On 07/10/2020 16:00, Dan van der Ster wrote:
On Wed, Oct 7, 2020 at 3:29 PM Wido den Hollander <wido@xxxxxxxx> wrote:



On 07/10/2020 14:08, Dan van der Ster wrote:
Hi all,

This morning some osds in our S3 cluster started going OOM, after
restarting them I noticed that the osd_pglog is using >1.5GB per osd.
(This is on an osd with osd_memory_target = 2GB, hosting 112PGs, all
PGs are active+clean).
[...]

Hi all,

As Wido said, our case may be a bit different.

This is still on 14.2.8. Trouble started with lots of small objects. There were 2 Veeam buckets with more than 400M objects each, on a pool with EC 8+3. This means that there were about 10 billion object shards. DB space on SSD was tiny (originally built for filestore, there was space for 25GB, i.e. only 3GB really usable as we know now).

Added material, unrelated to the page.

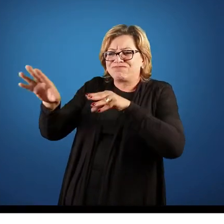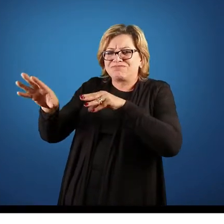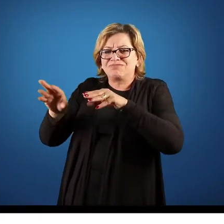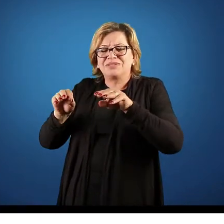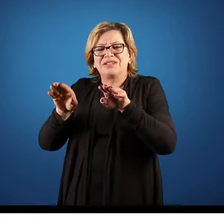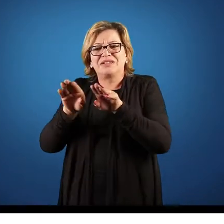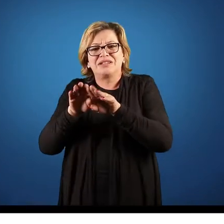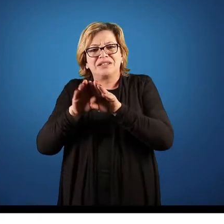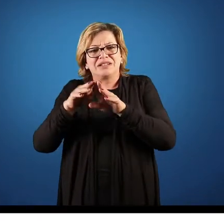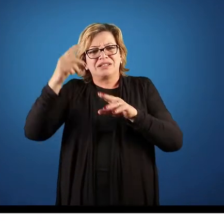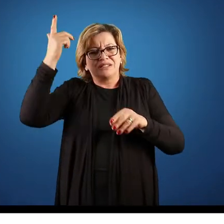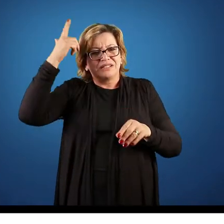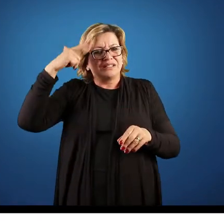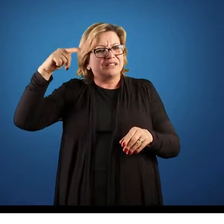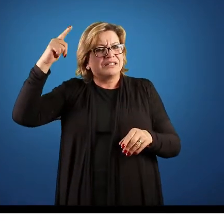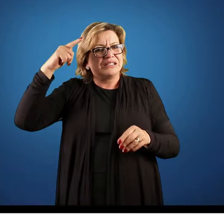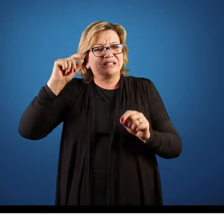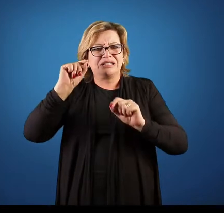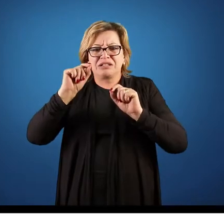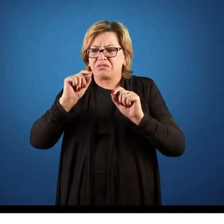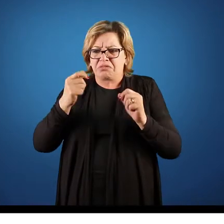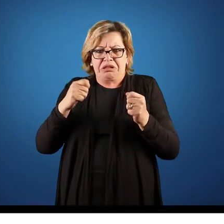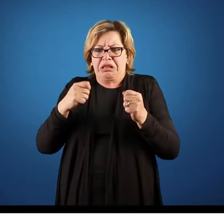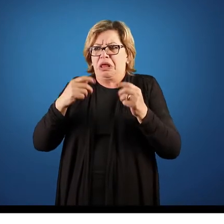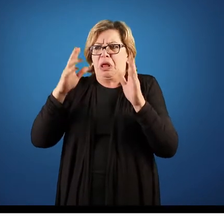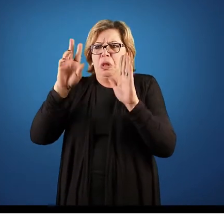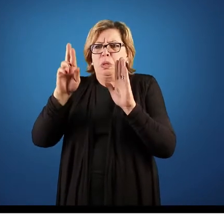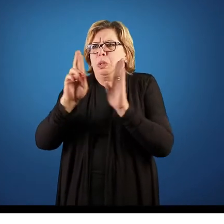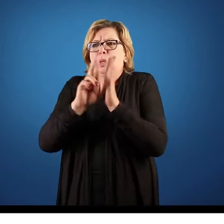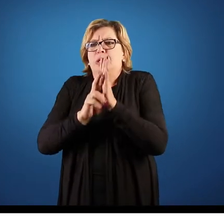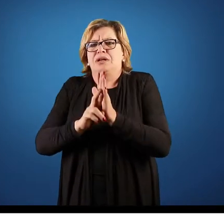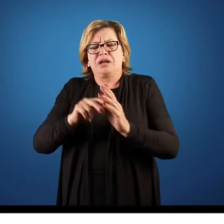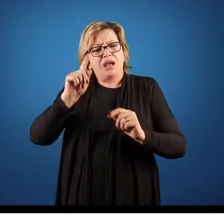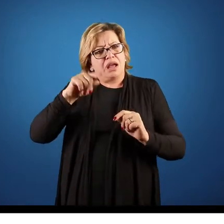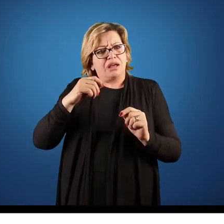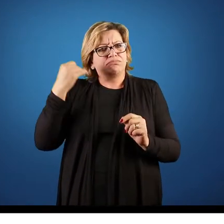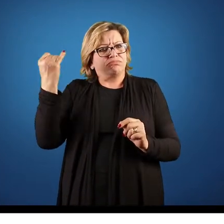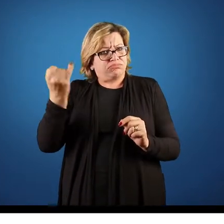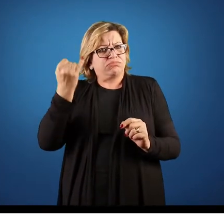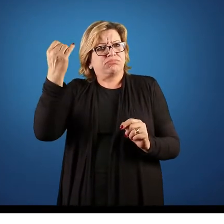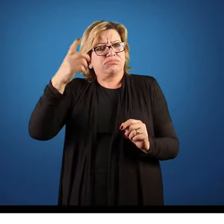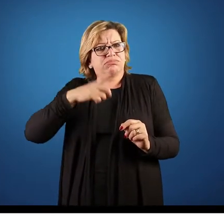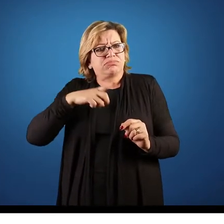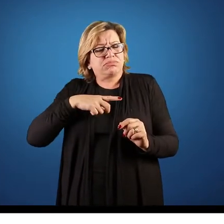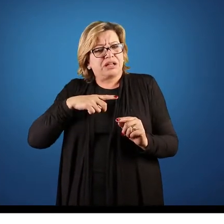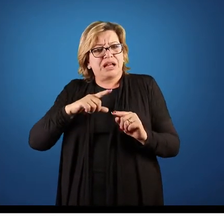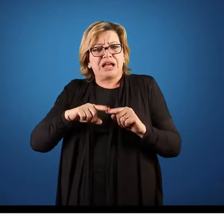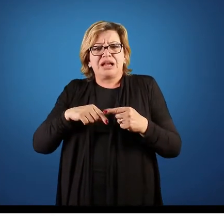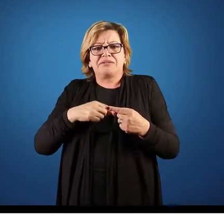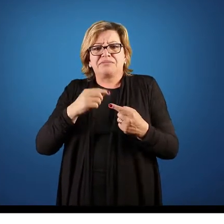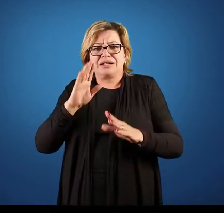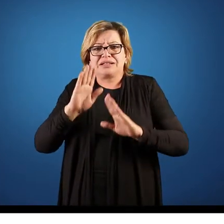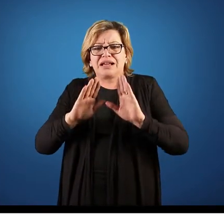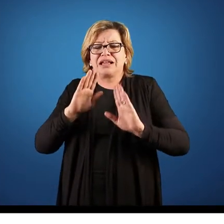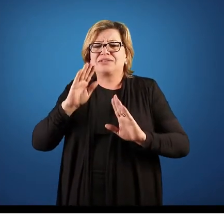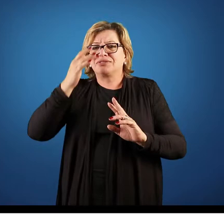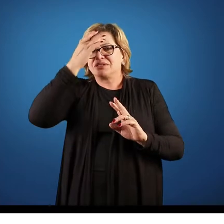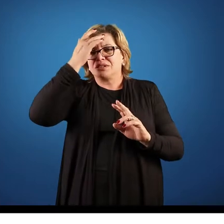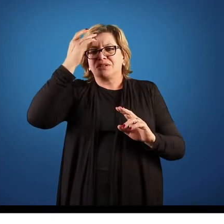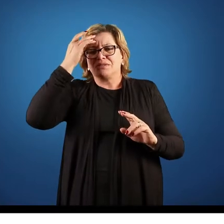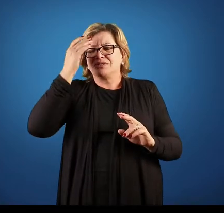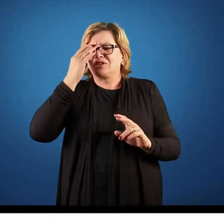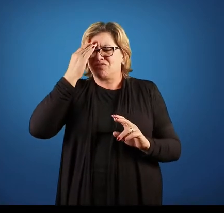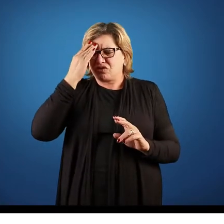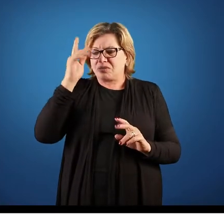O líder, esses traços, não é que ele seja obrigatório, é interessante que eles sejam desenvolvidos. Algumas vezes a empresa indica, olha,

Then OSD memory started to grow, mostly buffer_anon. Decreasing osd_max_pg_log_entries helped (with buffer_anon!). We added RAM, only to have more OOMs a few days later. And we realized that DB slow bytes had started to grow, without bounds.

We could delete the objects (took several weeks), and there were no OOMs during this time. But afterwards again growing buffer_anon.

Once I observed free memory improving when a customer was writing heavily. So we started to write constantly (small objects to dummy buckets). This helps with buffer_anon and also with the DB growth.

It seems that at least 14.2.8 does not trim buffer_anon periodically, but only when writing:
https://lists.ceph.io/hyperkitty/list/ceph-users@xxxxxxx/message/EVPELHOL4KLRJ4CKOOD2JECBMUKE4EKB/

One possible explanation (just an idea) for the large amount of buffer_anon: DB slow bytes got spread over lots and lots of small allocations on the HDD.

We rebuilt all OSDs with bigger DBs (31GB). And we limit the amount of slow bytes, with manual compactions.

With the big amount of small objects gone, the cluster was still unhealthy. Then we realized that the RGW Garbage Collector did not keep up with the load. A possible reason for the GC backlog: customers using features like versioning more heavily than before.

There are high refcounts in GC, and there were times with lots of HEAD requests from some customers.

GC load is mostly read load. Combined with only low write activity, this may be problematic.

We tuned GC up and the backlog is going down now, slowly (again this takes weeks).